Pesadelo no Mediterrâneo: Lei mais dura na Europa, mais mortos no mar

Desesperados, candidatos ao refúgio lançam-se em rotas cada vez mais arriscadas

Adriana Carranca, Enviada Especial / Trappani, Itália, O Estado de S.Paulo

04 de setembro de 2016 | 05h00

TRAPPANI, ITÁLIA - Na noite do dia 25, 11 barcos foram lançados ao mar da costa da Líbia com 304 pessoas, rumo à Itália. No menor deles, viajavam oito famílias sírias. O mar parecia calmo e o contrabandista garantiu que em pouco mais de duas horas eles estariam em terra firme. Em alto-mar, porém, o cenário era outro. Os passageiros de um dos botes viram quando uma grande onda virou a pequena embarcação e jogou os 27 sírios ao mar.

O bote estava distante demais, lotado demais, sem comunicação para pedir socorro e sem combustível suficiente para retornar – uma estratégia dos traficantes, para obter mais lucro, é lançar as embarcações ao mar com combustível suficiente apenas para chegar até águas internacionais, onde operam os navios de resgate no Mar Mediterrâneo. Com o filho de 5 anos em um dos braços, Abdel Azis el-Assaf tentou sustentar a mulher com o outro, mas teve de deixá-la por um momento para socorrer a filha. 

Assaf nadou até a menina, mas, ao aproximar-se dela, viu que estava morta. Quando tentou voltar ao ponto onde deixara a mulher, Jihan, já não a encontrou. Provavelmente, afundara – o grupo usava colete salva-vidas, mas os artefatos, entregues pelos traficantes, são falsos, preenchidos apenas com espuma. 

Duas crianças morreram por dia no Mediterrâneo no último ano, desde 1.º de setembro de 2015, quando a foto do corpo do menino sírio Aylan Kurdi, encontrado em uma praia da Turquia, chocou o mundo. A imagem obrigou a União Europeia a responder à tragédia, mas não evitou que outras 4.376 pessoas morressem no mar nestes 12 meses. São 6.600 desde janeiro de 2015; 9.969 desde 2014, quando o grupo jihadista Estado Islâmico (EI) avançou sobre terras sírias e iraquianas e a guerra se intensificou. 

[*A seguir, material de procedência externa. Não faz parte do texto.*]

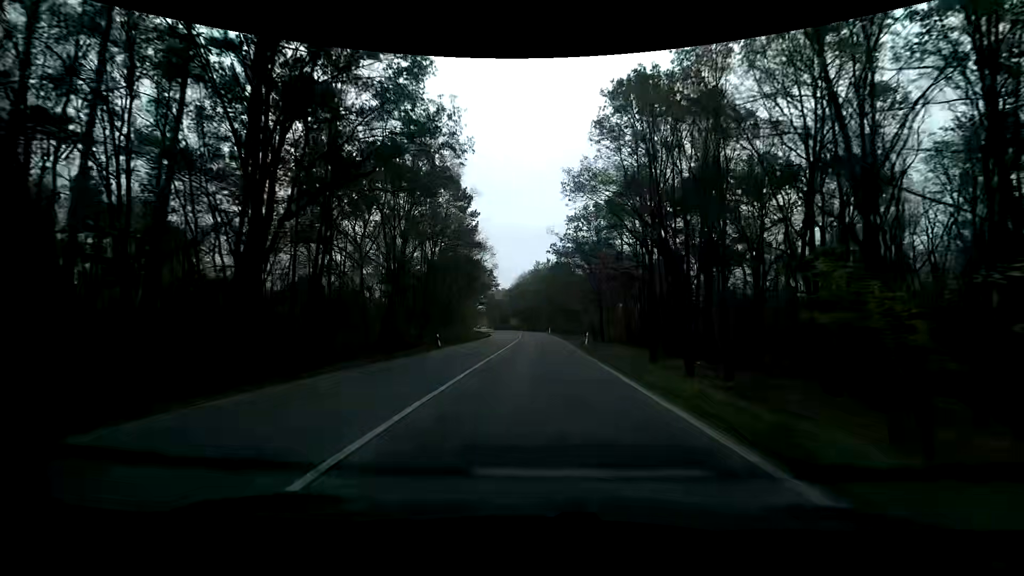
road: primary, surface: asphalt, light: Day
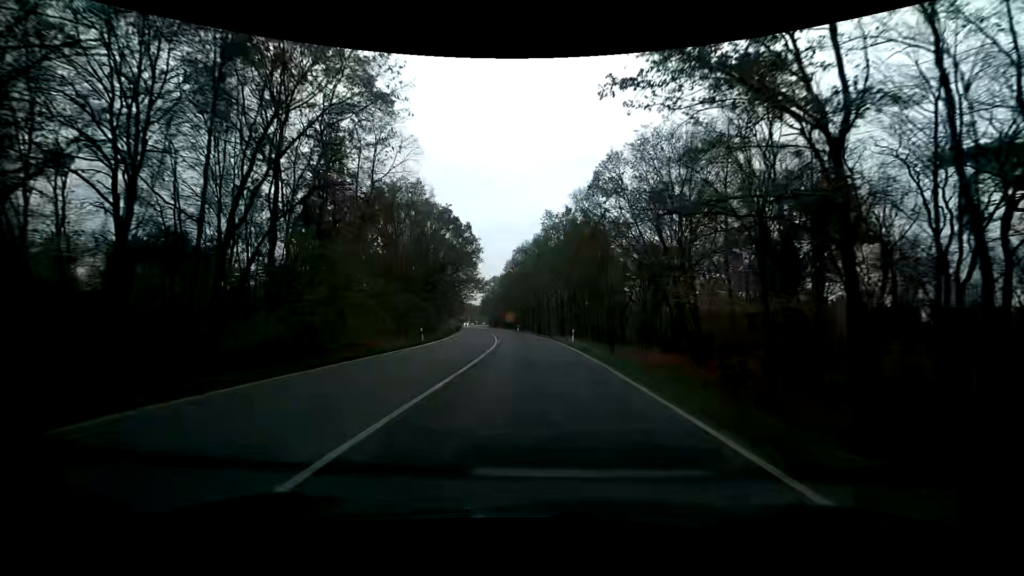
(-0.1, +52.6) m; 0°
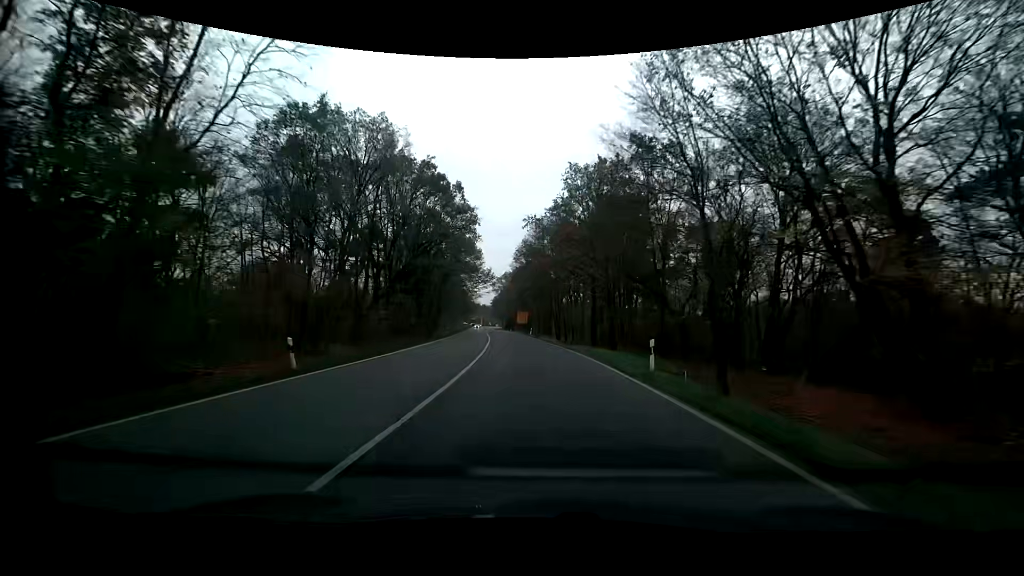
(-0.3, +21.3) m; -2°
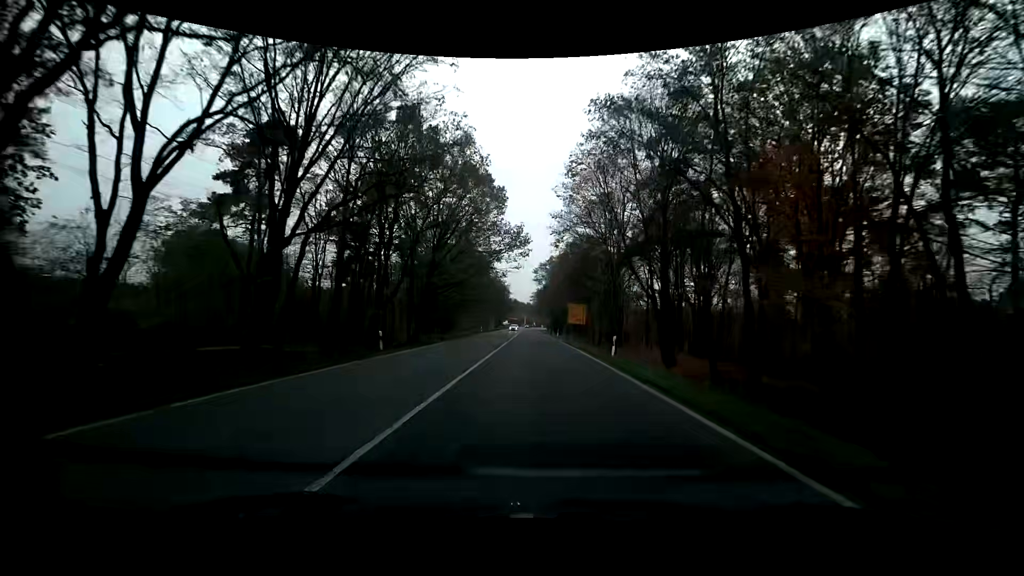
(-1.9, +42.6) m; -6°
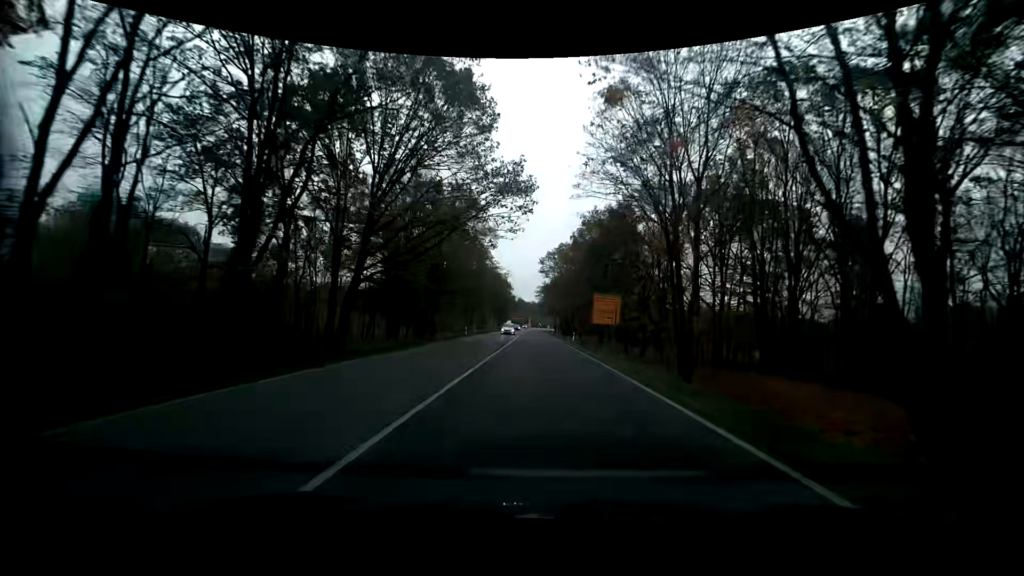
(+0.1, +21.5) m; +1°
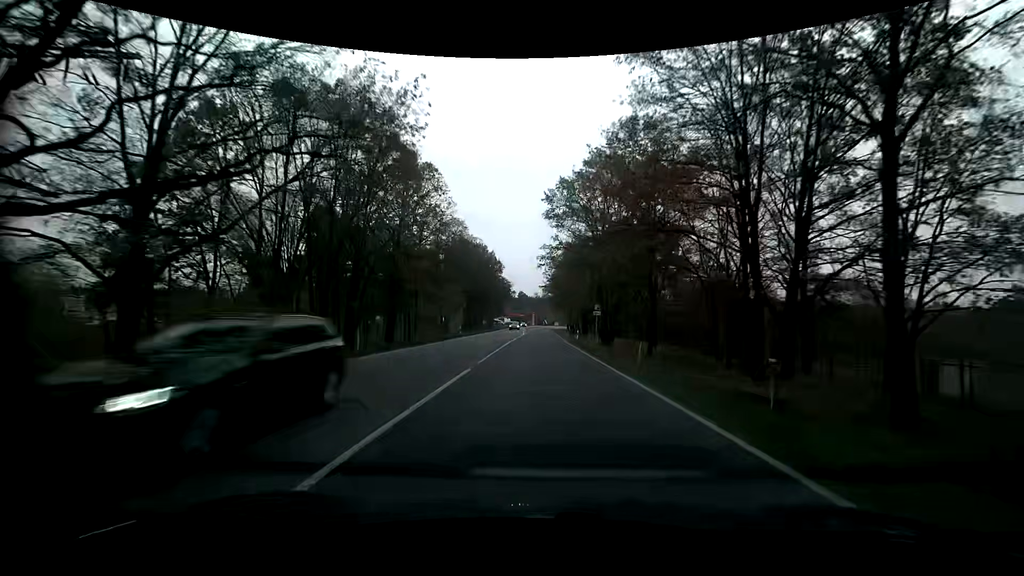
(-1.2, +54.1) m; -2°
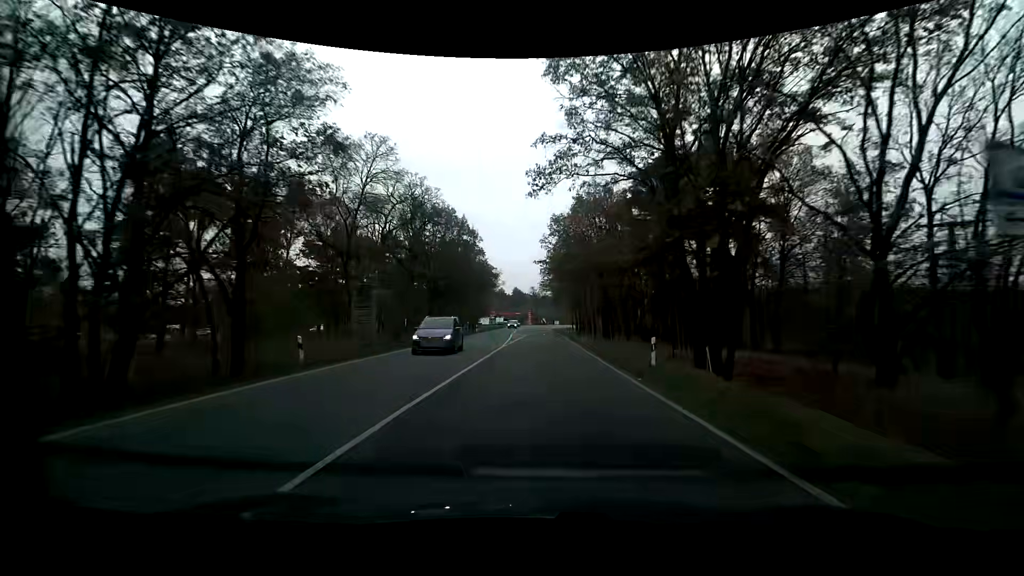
(+0.3, +32.9) m; +1°
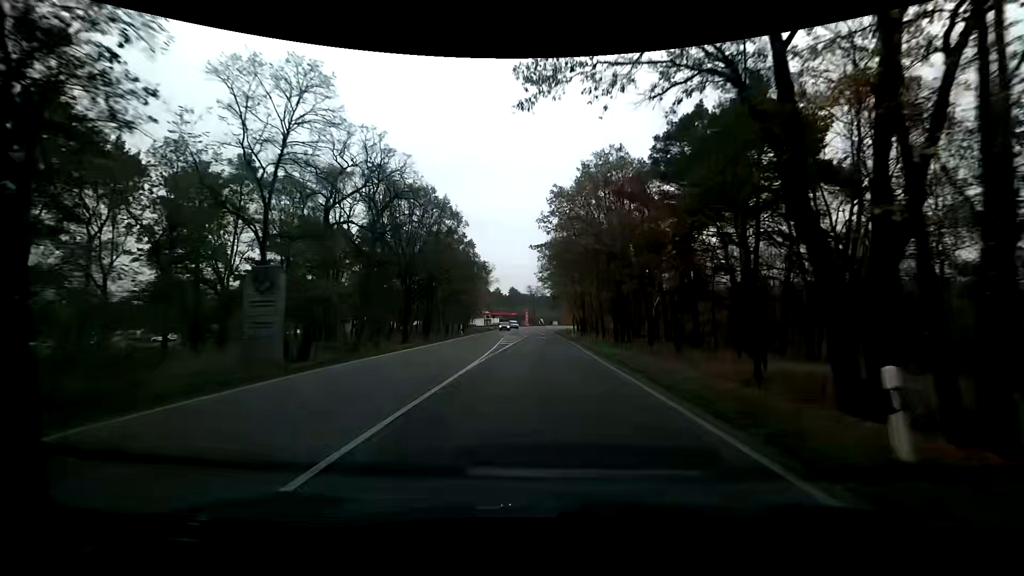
(0.0, +11.0) m; 0°
(0, +10) (0, +20) (0, +30) (0, +40) (+1, +50) (+1, +60) (+1, +70) (+1, +80) (+1, +90) (+1, +100) m

“Tentar manter as pessoas fora (da Europa) não está funcionando. O fechamento das fronteiras e a política para refugiados adotada pela União Europeia reduziram as chegadas, mas o número de mortos continua crescendo. Isso indica que eles estão chegando por meios mais perigosos e por rotas mais letais, como Líbia-Itália”, afirma Andrea Ciocca, coordenador das operações da ONG Médicos Sem Fronteiras em Trappani.

Mais de 86% das mortes no mar este ano ocorreram entre o Norte da África e a costa da Sicília. Entre janeiro e agosto, 2.726 morreram ou desapareceram nesta travessia, de acordo com a Organização Internacional de Migração – quase o total de mortos em todo o ano passado (2.892) na mesma rota. 

Um em cada 39 dos que tentaram a travessia morreu. A proporção de mortes na rota entre Líbia e Itália, em relação ao número de chegadas, é 11 vezes maior do que na rota via Grécia, mais curta, mas menos usada após o acordo da União Europeia com a Turquia, firmado em março, que prevê a deportação de novos refugiados, requerentes de asilo e migrantes que chegam às ilhas gregas.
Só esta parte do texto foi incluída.